[Stored dataset items]

=== Begin Enclosure ===

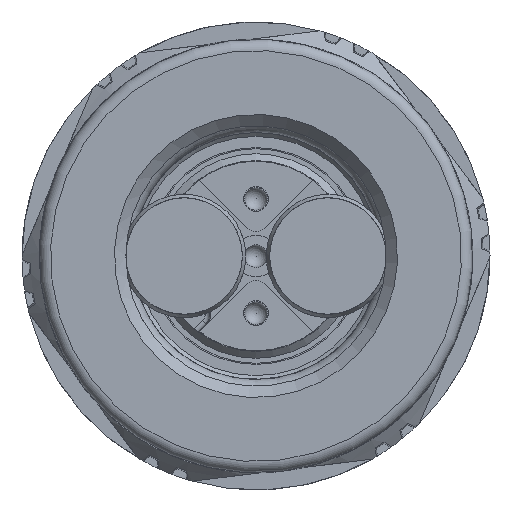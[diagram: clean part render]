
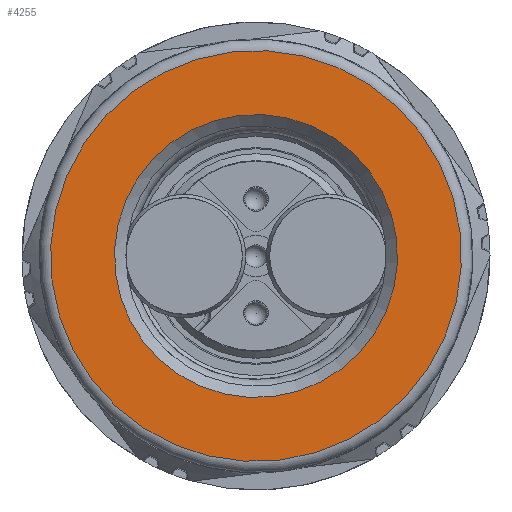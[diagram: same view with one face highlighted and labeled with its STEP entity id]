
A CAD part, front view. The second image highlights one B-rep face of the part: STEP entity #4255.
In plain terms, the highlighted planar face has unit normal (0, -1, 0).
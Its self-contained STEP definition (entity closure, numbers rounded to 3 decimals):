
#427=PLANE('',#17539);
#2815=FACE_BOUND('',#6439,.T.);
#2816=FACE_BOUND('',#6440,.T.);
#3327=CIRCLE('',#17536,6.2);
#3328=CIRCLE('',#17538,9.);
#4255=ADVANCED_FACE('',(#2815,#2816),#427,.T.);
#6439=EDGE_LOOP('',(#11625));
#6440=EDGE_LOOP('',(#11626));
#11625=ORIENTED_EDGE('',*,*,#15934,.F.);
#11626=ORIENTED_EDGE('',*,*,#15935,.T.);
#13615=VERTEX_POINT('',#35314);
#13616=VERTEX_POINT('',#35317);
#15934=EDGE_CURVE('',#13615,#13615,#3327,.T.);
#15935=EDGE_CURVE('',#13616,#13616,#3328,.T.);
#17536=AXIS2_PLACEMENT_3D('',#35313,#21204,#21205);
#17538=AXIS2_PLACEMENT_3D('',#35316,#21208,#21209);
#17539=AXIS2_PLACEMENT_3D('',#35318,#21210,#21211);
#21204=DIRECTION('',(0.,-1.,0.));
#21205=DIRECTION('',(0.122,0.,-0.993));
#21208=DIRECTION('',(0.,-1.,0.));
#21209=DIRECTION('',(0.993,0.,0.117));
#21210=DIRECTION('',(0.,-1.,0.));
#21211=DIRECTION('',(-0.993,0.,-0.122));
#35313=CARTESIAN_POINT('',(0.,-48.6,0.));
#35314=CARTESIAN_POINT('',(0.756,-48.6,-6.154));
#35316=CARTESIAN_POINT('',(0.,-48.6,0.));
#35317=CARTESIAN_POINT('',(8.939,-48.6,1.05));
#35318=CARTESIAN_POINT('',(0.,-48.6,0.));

=== End Enclosure ===
=== Begin Enclosure ===

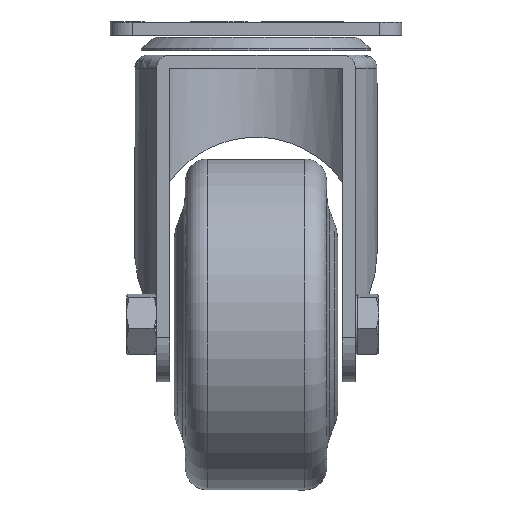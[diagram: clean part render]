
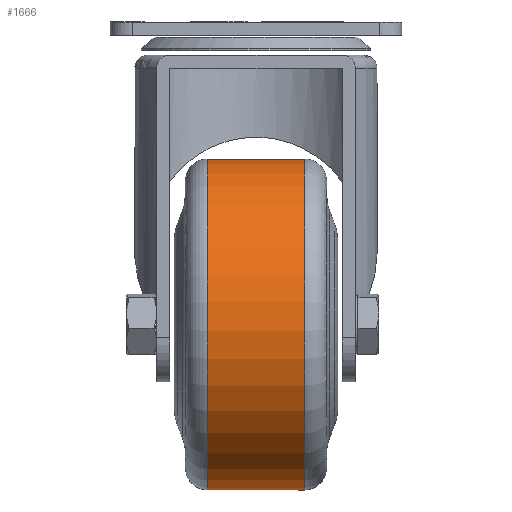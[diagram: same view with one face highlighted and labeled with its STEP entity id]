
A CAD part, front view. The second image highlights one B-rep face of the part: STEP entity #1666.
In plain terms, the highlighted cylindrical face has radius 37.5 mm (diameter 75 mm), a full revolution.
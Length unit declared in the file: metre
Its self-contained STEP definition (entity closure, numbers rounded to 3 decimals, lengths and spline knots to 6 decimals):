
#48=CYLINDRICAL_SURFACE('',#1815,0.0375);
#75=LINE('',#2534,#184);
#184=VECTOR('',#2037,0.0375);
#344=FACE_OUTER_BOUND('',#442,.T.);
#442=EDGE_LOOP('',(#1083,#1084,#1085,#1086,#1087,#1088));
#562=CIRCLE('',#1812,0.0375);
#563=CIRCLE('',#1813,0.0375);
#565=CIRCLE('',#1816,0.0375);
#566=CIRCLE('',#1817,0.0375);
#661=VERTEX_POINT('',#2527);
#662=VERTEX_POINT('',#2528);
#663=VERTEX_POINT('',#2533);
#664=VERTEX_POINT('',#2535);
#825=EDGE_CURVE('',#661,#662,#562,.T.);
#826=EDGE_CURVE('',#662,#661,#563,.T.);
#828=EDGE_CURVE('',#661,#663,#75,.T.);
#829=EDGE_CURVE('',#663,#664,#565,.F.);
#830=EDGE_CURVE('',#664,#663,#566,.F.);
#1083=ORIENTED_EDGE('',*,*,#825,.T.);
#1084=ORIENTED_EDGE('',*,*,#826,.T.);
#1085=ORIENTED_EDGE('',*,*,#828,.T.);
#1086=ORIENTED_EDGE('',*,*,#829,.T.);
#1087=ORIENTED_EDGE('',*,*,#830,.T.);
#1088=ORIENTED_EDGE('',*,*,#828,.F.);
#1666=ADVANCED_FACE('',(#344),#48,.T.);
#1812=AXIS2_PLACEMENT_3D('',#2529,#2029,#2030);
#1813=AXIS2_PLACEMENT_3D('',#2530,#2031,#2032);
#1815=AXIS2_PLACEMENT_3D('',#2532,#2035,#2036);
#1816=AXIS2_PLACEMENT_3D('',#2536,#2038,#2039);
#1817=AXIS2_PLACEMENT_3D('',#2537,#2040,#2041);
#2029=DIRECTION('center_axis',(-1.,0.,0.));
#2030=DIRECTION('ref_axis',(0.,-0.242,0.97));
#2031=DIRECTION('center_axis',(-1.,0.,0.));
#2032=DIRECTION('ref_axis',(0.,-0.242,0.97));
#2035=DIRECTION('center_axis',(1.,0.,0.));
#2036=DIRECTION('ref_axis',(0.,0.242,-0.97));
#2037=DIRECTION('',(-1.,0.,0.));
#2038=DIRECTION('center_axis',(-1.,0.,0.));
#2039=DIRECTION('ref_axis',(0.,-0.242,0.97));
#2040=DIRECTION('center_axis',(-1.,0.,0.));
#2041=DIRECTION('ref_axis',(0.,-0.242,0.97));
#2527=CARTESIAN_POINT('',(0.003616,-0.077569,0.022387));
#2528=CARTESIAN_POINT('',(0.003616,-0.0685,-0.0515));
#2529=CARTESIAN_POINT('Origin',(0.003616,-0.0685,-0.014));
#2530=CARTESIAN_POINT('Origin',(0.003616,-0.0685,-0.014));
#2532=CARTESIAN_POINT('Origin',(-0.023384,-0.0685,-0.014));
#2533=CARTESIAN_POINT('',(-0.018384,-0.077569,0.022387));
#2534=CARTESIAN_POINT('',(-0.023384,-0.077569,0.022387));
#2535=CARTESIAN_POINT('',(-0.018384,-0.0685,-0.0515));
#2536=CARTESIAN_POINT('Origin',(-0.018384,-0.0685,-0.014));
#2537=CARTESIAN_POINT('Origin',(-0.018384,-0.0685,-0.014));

=== End Enclosure ===

# THE TASK
Repeat, exactly as they stand above, the lines from the line with "#2038=DIRECTION('center_axis',(-1.,0.,0.));" to the line with "#2528=CARTESIAN_POINT('',(0.003616,-0.0685,-0.0515));", both lines included.

# THE ANSWER
#2038=DIRECTION('center_axis',(-1.,0.,0.));
#2039=DIRECTION('ref_axis',(0.,-0.242,0.97));
#2040=DIRECTION('center_axis',(-1.,0.,0.));
#2041=DIRECTION('ref_axis',(0.,-0.242,0.97));
#2527=CARTESIAN_POINT('',(0.003616,-0.077569,0.022387));
#2528=CARTESIAN_POINT('',(0.003616,-0.0685,-0.0515));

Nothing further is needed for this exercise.